Potential use of routine databases in health technology assessment

J Raftery,^1* P Roderick² and A Stevens¹

¹ Department of Health Economics, University of Birmingham, UK
² Health Care Research Unit, University of Southampton, UK

* Corresponding author

Introduction

This report defines health technology assessment to include the investigation of (i) effectiveness, (ii) diffusion and equity and (iii) cost – all as applied to the range of health technologies (HTs) including pharmaceuticals, devices, procedures and settings. Key characteristics of routine data are regular collection, standard definitions, obligatory completion and representative coverage.

Aims

The aims of this study were to:

develop criteria for classifying databases in relation to their potential use in HT assessment
list the databases of relevance in the UK
apply the criteria for classifying databases to that list
explore the extent to which prioritised databases could pick up those HTs being assessed by the National Coordinating Centre for Health Technology Assessment (NCCHTA)
investigate the extent to which these databases have been used in HT assessment
explore the degree to which databases, so used, have been validated
estimate the cost of the prioritised databases
make suggestions for facilitating the use of routine data for HT assessment.

Methods

A ‘first principles’ examination of the data necessary for each type of HT assessment was central to aim 1, supplemented by literature searches and a historical review.

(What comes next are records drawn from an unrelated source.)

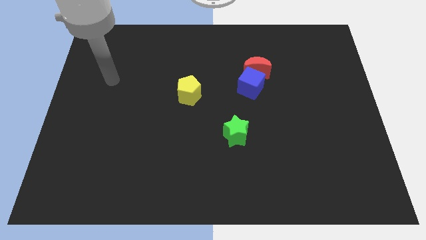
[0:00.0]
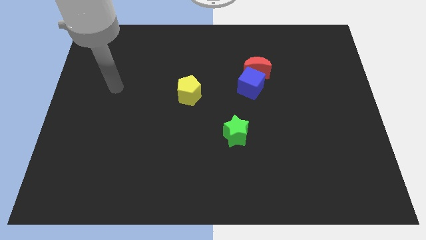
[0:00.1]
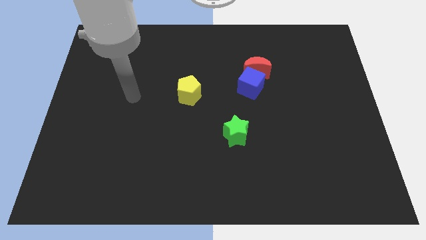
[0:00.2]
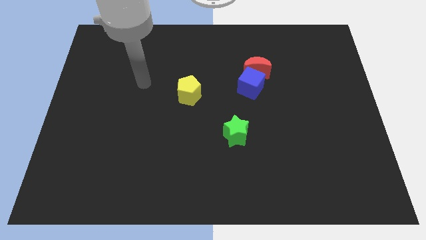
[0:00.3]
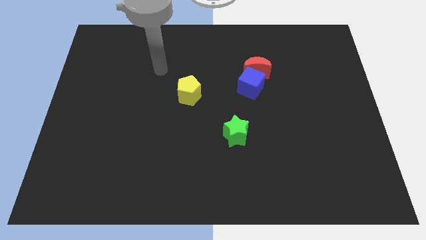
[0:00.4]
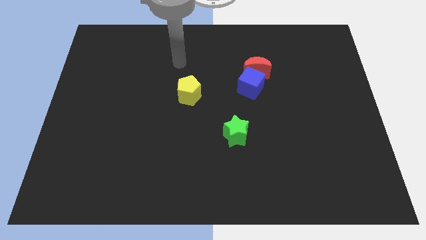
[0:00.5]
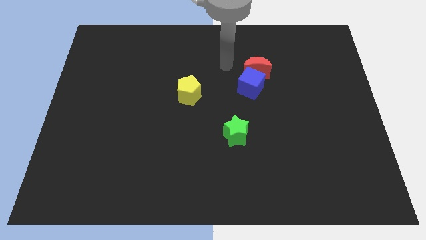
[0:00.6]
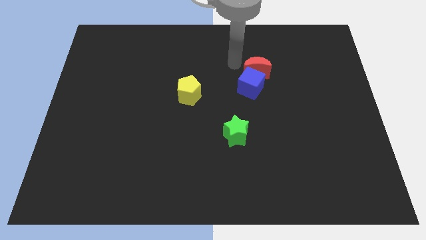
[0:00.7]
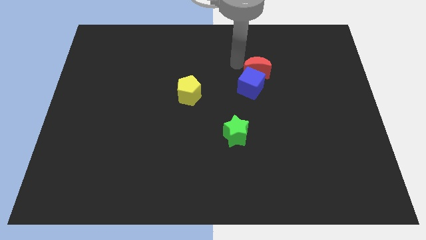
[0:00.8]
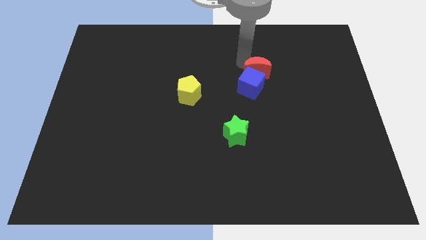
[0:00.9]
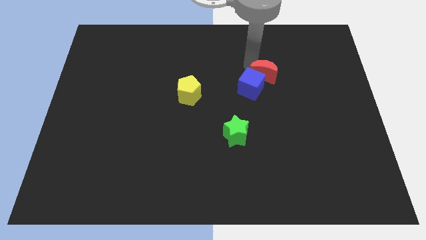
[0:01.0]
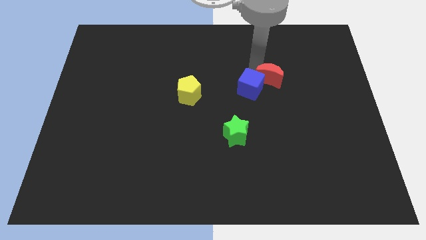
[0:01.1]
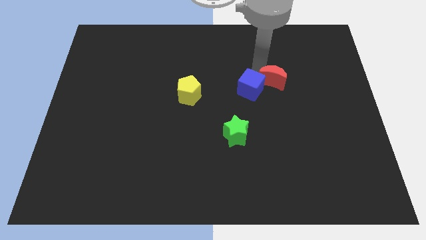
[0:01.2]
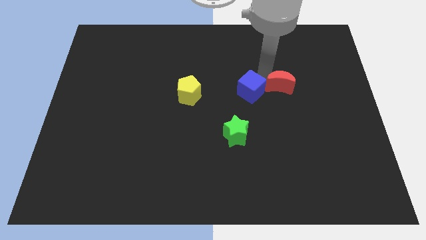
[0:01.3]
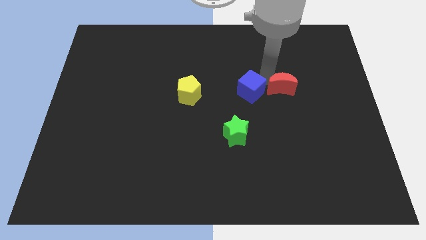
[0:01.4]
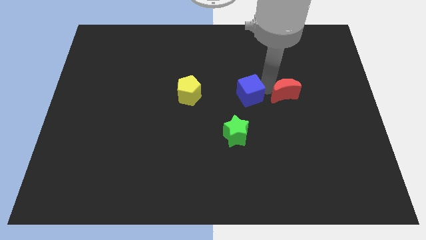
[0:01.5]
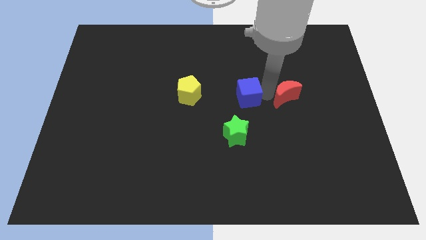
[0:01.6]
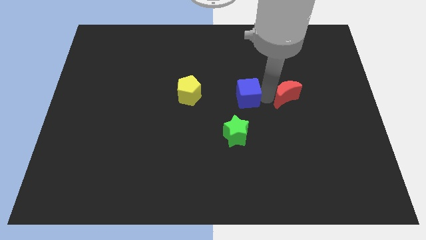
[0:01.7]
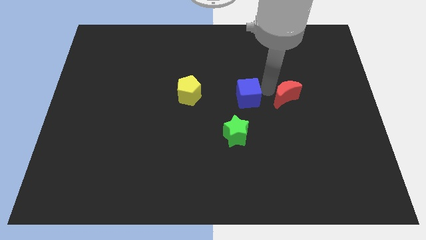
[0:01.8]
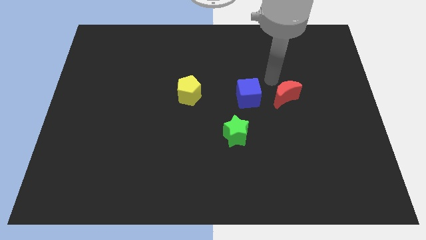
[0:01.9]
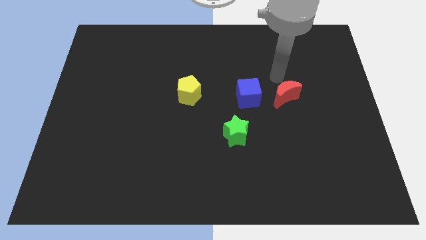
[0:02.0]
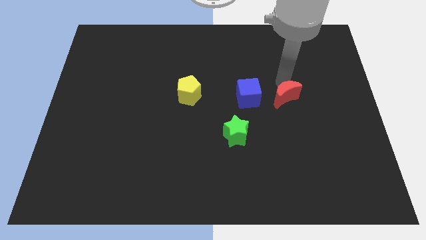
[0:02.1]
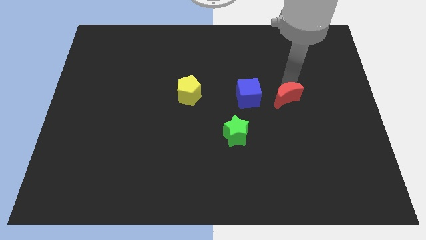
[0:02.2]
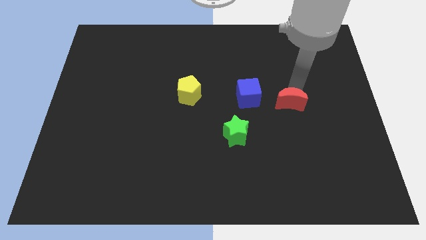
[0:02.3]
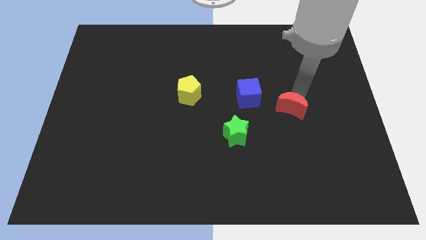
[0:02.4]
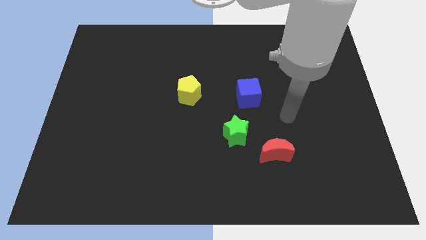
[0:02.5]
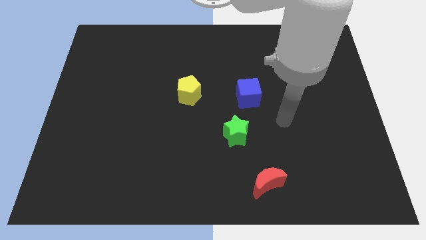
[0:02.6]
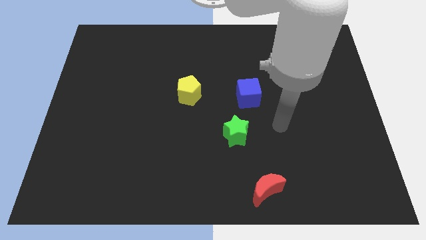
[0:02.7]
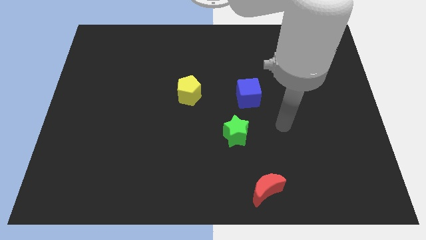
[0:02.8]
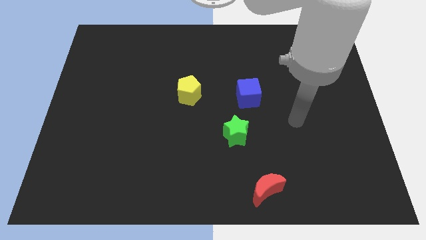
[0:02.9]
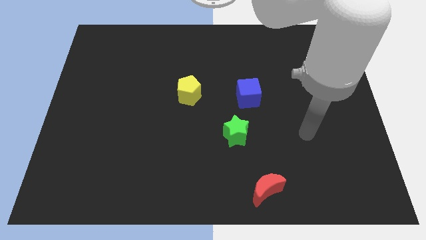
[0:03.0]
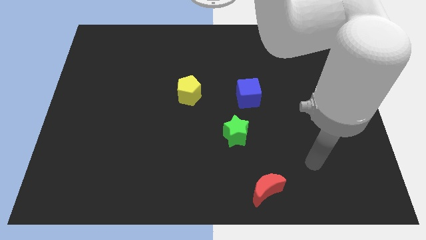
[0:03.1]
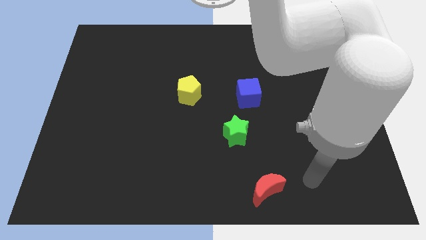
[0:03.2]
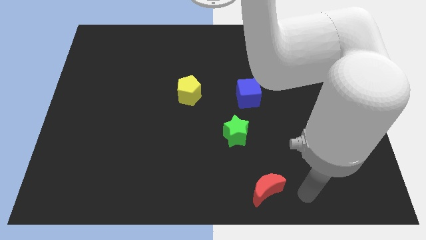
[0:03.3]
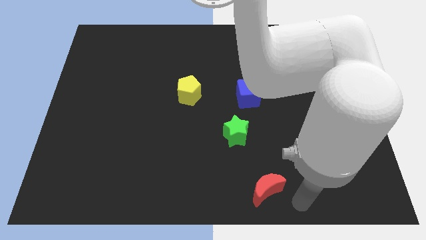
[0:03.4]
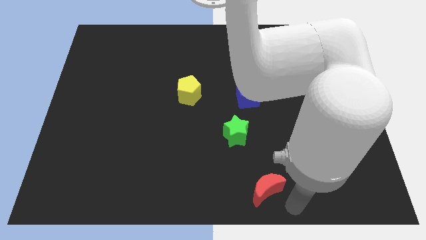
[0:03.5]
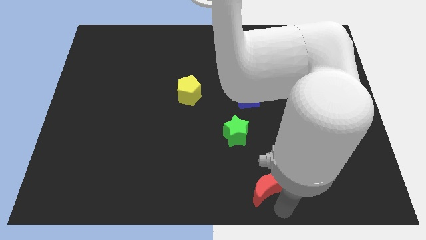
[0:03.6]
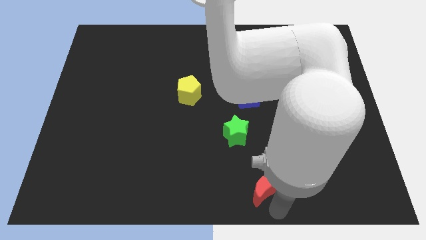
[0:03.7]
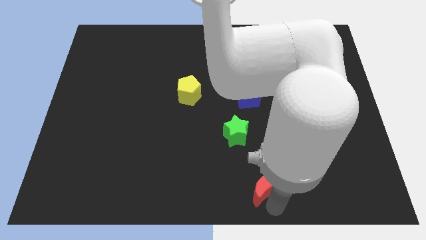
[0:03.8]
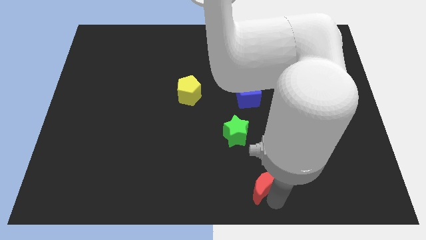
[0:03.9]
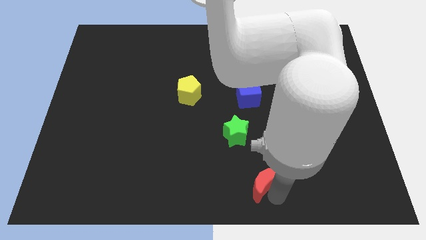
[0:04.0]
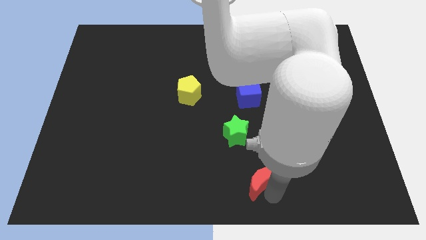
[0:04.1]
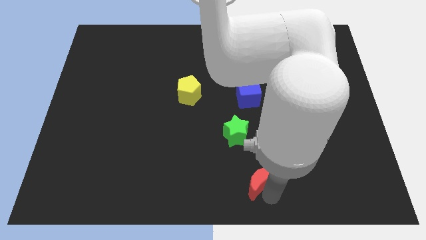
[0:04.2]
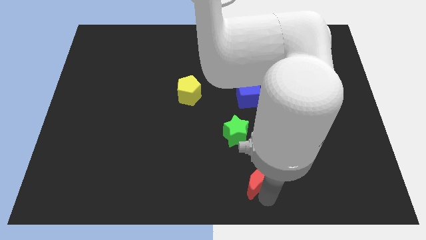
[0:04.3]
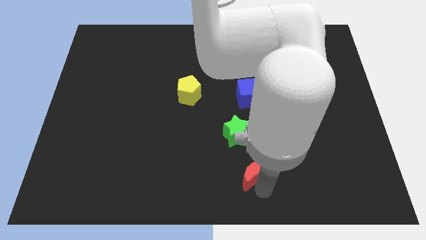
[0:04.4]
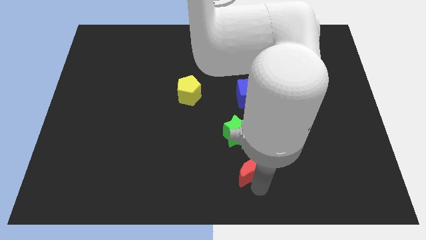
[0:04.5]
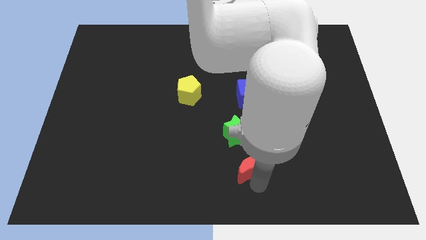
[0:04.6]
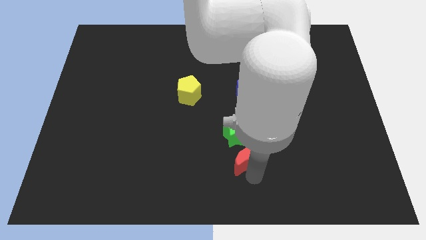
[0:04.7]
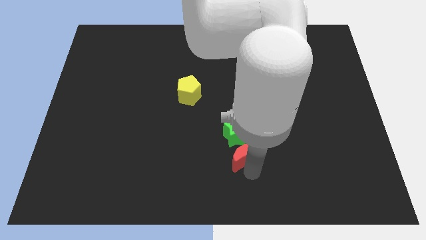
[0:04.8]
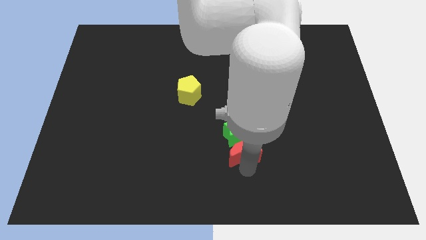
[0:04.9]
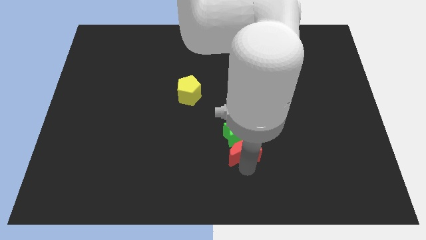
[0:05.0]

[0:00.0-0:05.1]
put the moon close to the star

A long list (aim 2) was developed using selected literature and by networking with people with relevant experience.

The principal investigators applied the criteria to the long list (aim 3) using annotations of each. Comments of the ‘keepers’ of the prioritised databases were incorporated.

For aim 4, details of 161 topics funded by the NHS R&D Health Technology Assessment (HTA) programme were reviewed iteratively by the principal investigators.

Uses of databases in HT assessments (aim 5) were identified by literature searches, which included the title of each prioritised database as a keyword. Annual reports of databases were examined and ‘keepers’ queried. Each identified use was checked by the three principal investigators.

The validity of each database (aim 6) was assessed using criteria based on a literature search and involvement by the authors in a national academic network. The ‘keepers’ of databases were queried.

The costs of databases (aim 7) were established from annual reports, enquiries to ‘keepers’ of databases and ‘guesstimates‘ based on cost per record.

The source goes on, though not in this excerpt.